The open source dataset Canine Coccidiosis Parasite is used for verification. The dataset has only one class. Before DropBlock is used, Table 1 describes the sensitivity of models to bounding box clarity before DropBlock is used.

Table 1 Clarity sensitivity analysis of bounding boxes

Feature Distribution

coccidia

0% - 20%

0.9355

20% - 40%

0.9355

40% - 60%

0.9355

60% - 80%

0.7742

80% - 100%

0.8065

Standard deviation

0.0718

After DropBlock is used, the clarity sensitivity of the bounding boxes is analyzed. In Table 2, the clarity sensitivity of the bounding boxes decreases from 0.0718 to 0.0204.

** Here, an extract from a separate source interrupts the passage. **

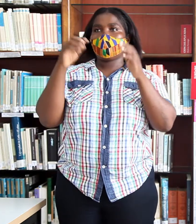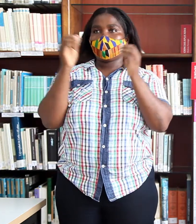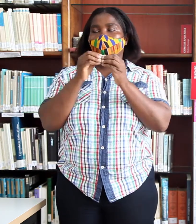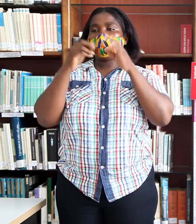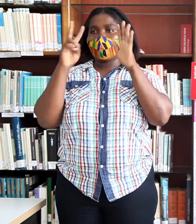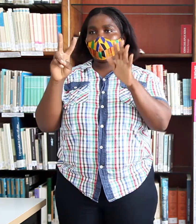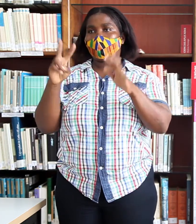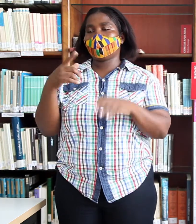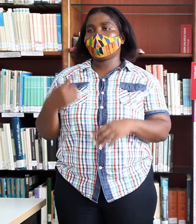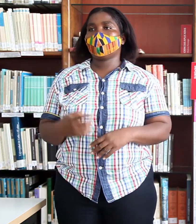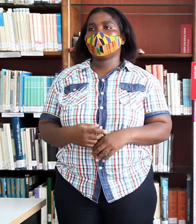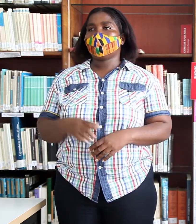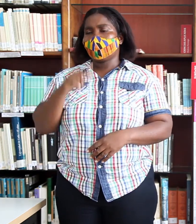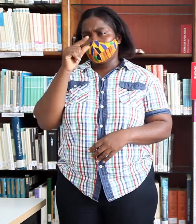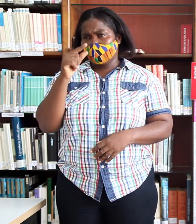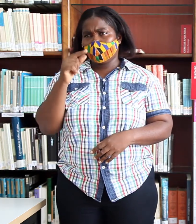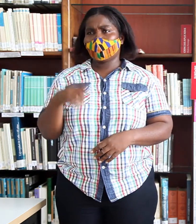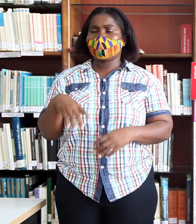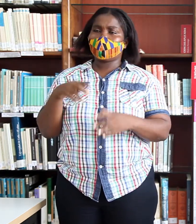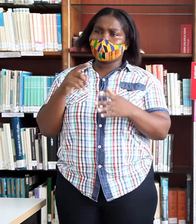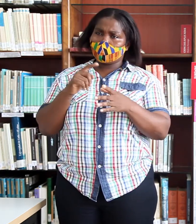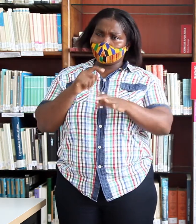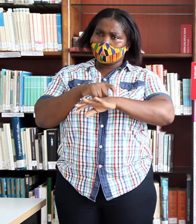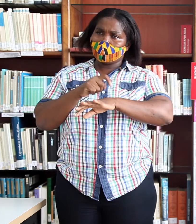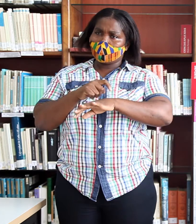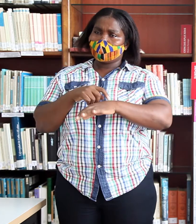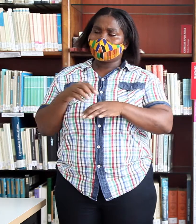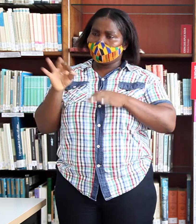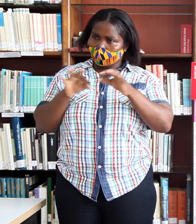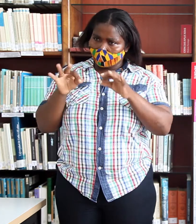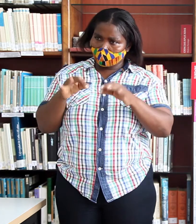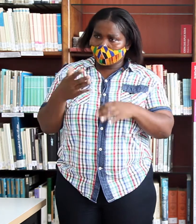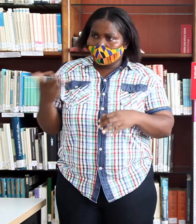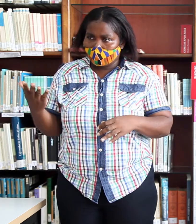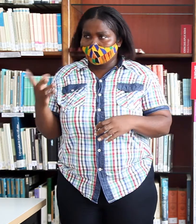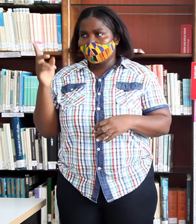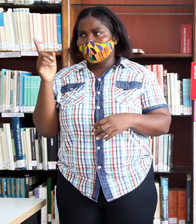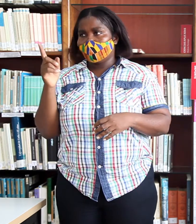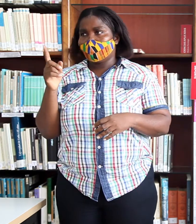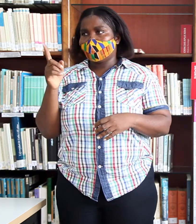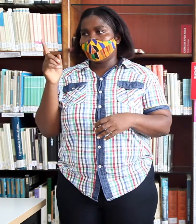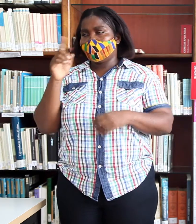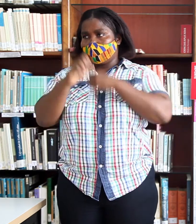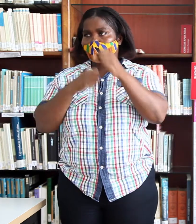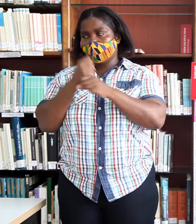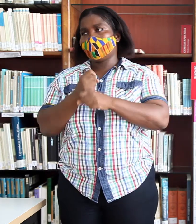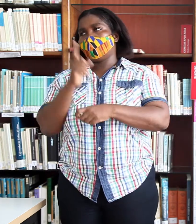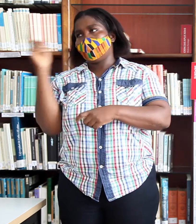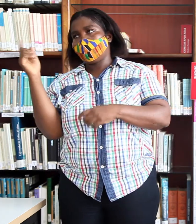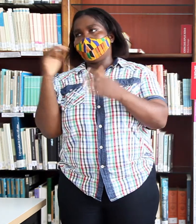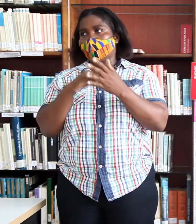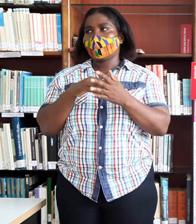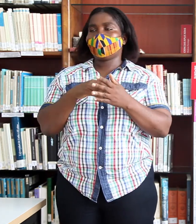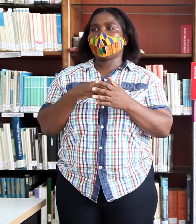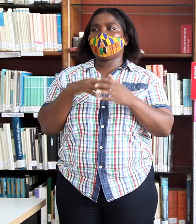para tanto, en pocas veces se explica que hasta en el año 1968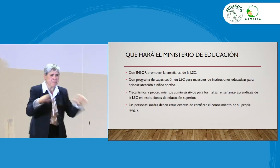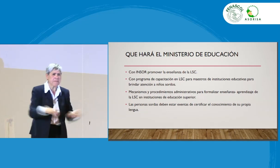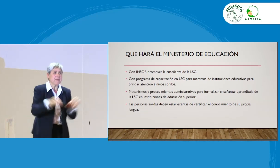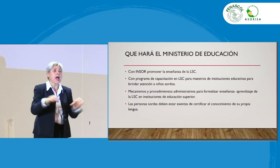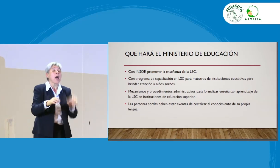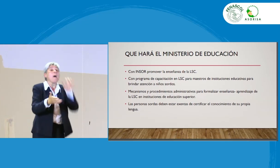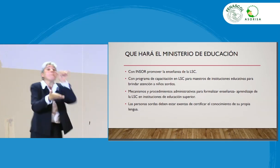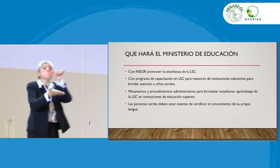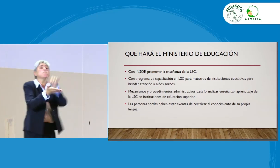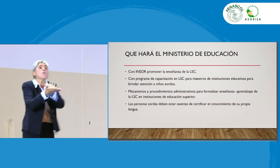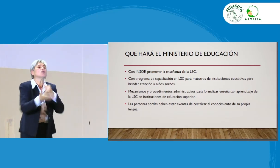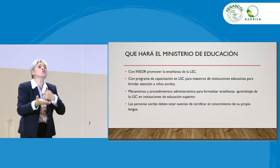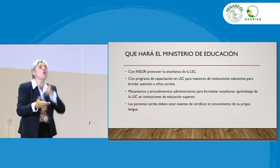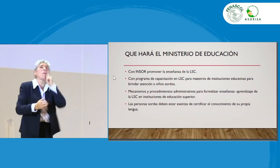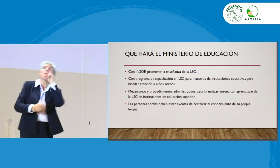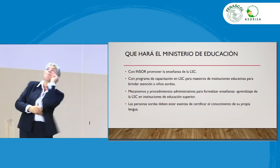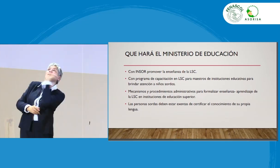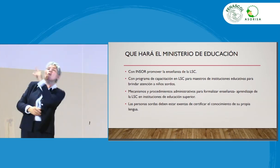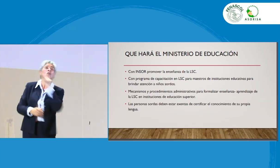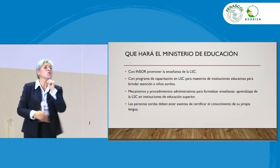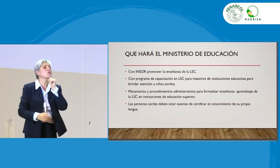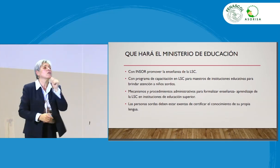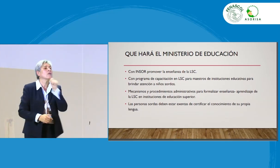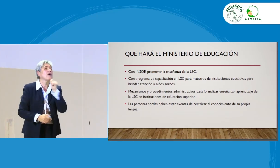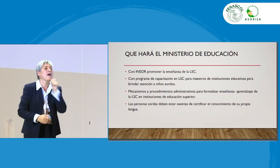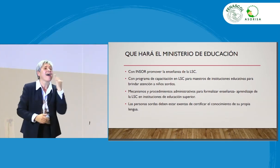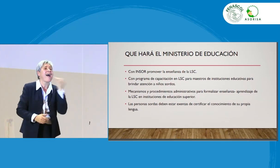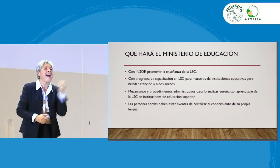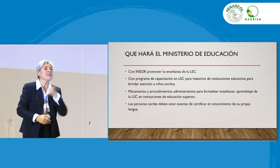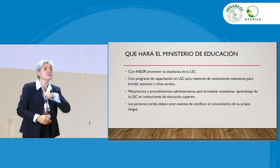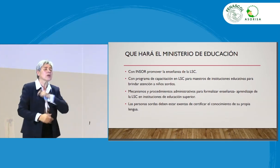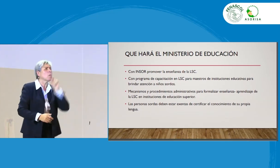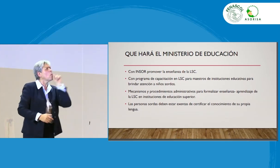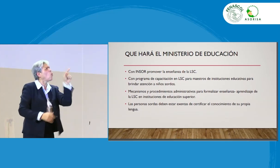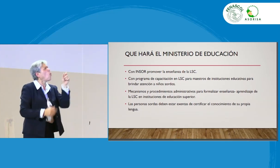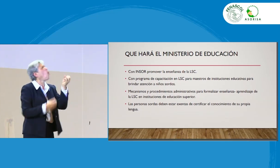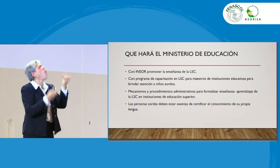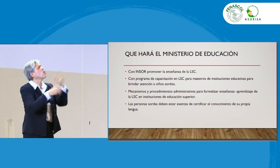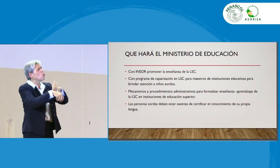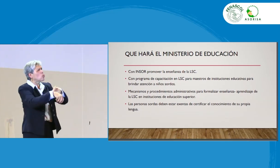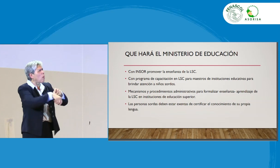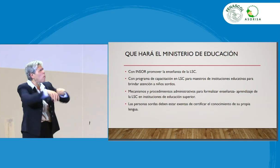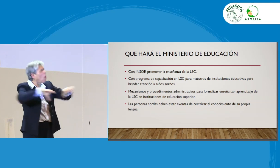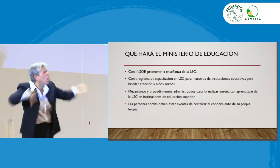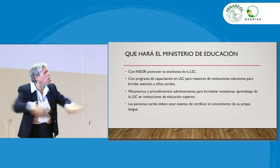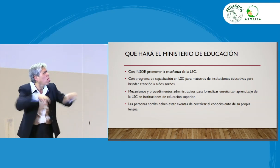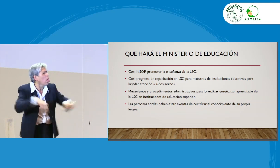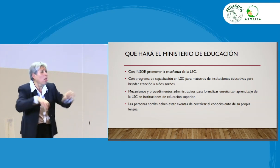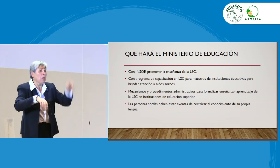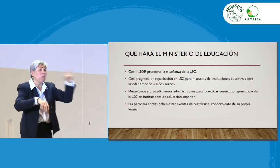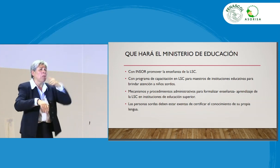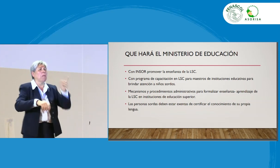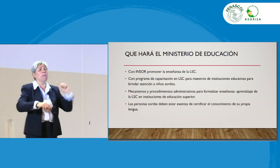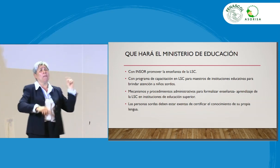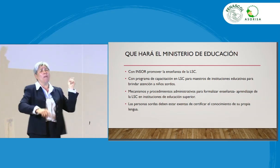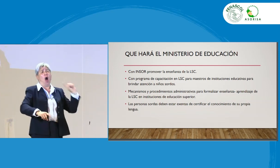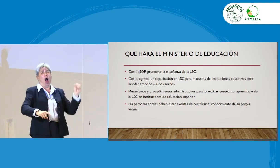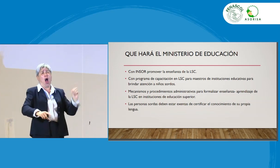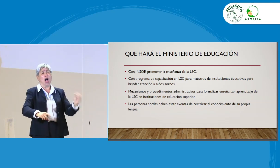es por eso que yo le hacía la pregunta a María Luz, ¿cuánto tiempo ellos estaban, por cuánto tiempo tienen, pues, estas

The DropBlock technology significantly improves the clarity sensitivity of bounding boxes.

Table 2 Clarity sensitivity analysis of bounding boxes

Feature Distribution

coccidia

0% - 20%

1

20% - 40%

0.9677

40% - 60%

0.9677

60% - 80%

0.9677

80% - 100%

0.9355

Standard deviation

0.0204

Suggestions

In the model inference result, if the detected classes are very sensitive to the clarity of the bounding boxes, you are advised to use DropBlock for model optimization and enhancement during training.